Recommendation 1 of 10 from “A Contributing Life: the 2012 National Report Card on Mental Health and Suicide Prevention”

The Commission’s big picture case for change identifies what governments and communities must do and keep doing.

We have four priority areas for action.

We will not see real change unless the following four areas become part of everyday business.

We have also set out where action must start with our ten specific recommendations for 2012.

1. Mental health must be a high national priority for all governments and the community

Mental health must be the business of the Prime Minister, Premiers and Chief Ministers

Reform will wither on the vine without ongoing support and oversight by every government across Australia when they come together to discuss and agree on matters of national importance as the Council of Australian Governments (COAG). It is imperative that mental health continues to have the direct support of the Prime Minister and Premiers and Chief Ministers. Cross-government oversight is vital. Without links between housing, employment, education, health, family and child support, justice and corrections we will never give people the best chance of recovering and living contributing lives.

Mental health and wellbeing must not be pushed aside by other priorities or become a casualty because money is tight. In fact, money will be wasted if we take our eye off the ball. It’s an investment now for all our futures.

We must get a proper understanding of the value of good mental health to drive reform

There is bipartisan support for increasing Australia’s productivity and reducing unnecessary costs that result from mental health being dealt with ineffectively in the community, service systems and in the workplace.

There has been some work on the cost of mental illness. There is still much to be done to demonstrate the value of good mental health.

The Australian Government must ask the Productivity Commission to work in partnership with us to report on the economic and productivity impacts of mental ill health and suicide in Australia and the value of good mental health. This will provide an accurate and credible picture of the benefits from preventing mental illness and promoting mental health, and the productivity from increasing participation, promoting recovery oriented approaches and investing in properly evaluated services.

The value of good mental health to each person, the community and the wider population all affect the broader workings of our society.

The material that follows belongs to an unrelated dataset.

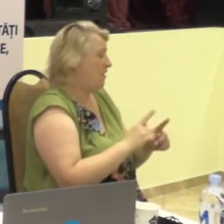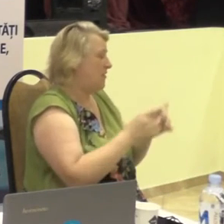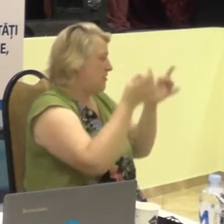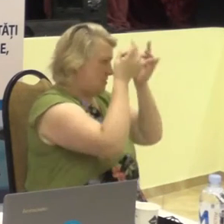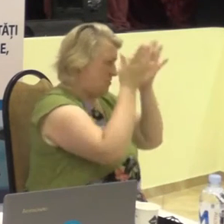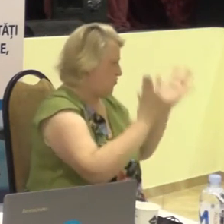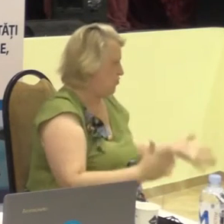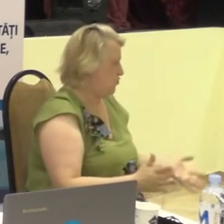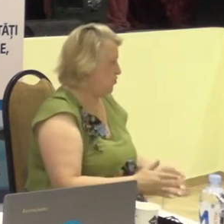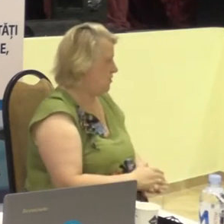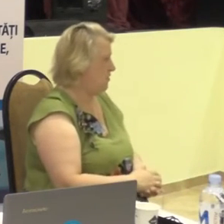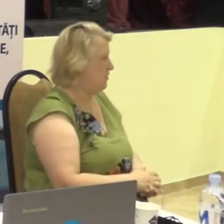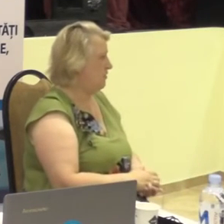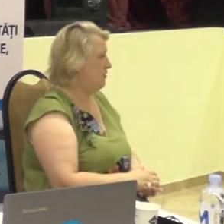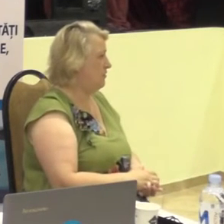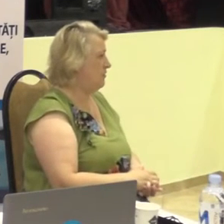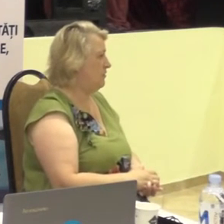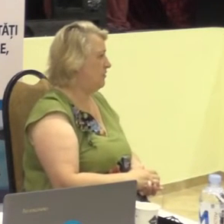cultură.

Governments must meet their existing commitments

Commitments have already been made by all Australian Governments through COAG and the United Nations1, 2, 3, 4, 5 and the public expects them to be delivered. These include the following:

  • increasing access and quality of services to meet gaps
  • including people with a lived experience of mental health issues, families and supporters in planning, design and evaluating policy and services
  • recognising the role that non-government organisations play, and
  • not discharging people with mental illness from hospital or other facilities into homelessness.

It is not acceptable that it can take years to get agreement or simply to report progress on measures endorsed by all Australian Governments.

The mental health and wellbeing of Aboriginal and Torres Strait Islander peoples needs to be included as one of our national priorities

All governments have given a strong commitment in various COAG agreements to give Aboriginal and Torres Strait Islander peoples an equal chance to have a fully contributing life.6 We stand together with Aboriginal and Torres Strait Islander leaders to say we must overcome the compounding cycles of disadvantage and poor social conditions to improve resilience, physical and mental health.

In this Report Card we feature Aboriginal and Torres Strait Islander peoples’ mental health and social and emotional wellbeing, and show the very powerful impact that families and communities can and do have.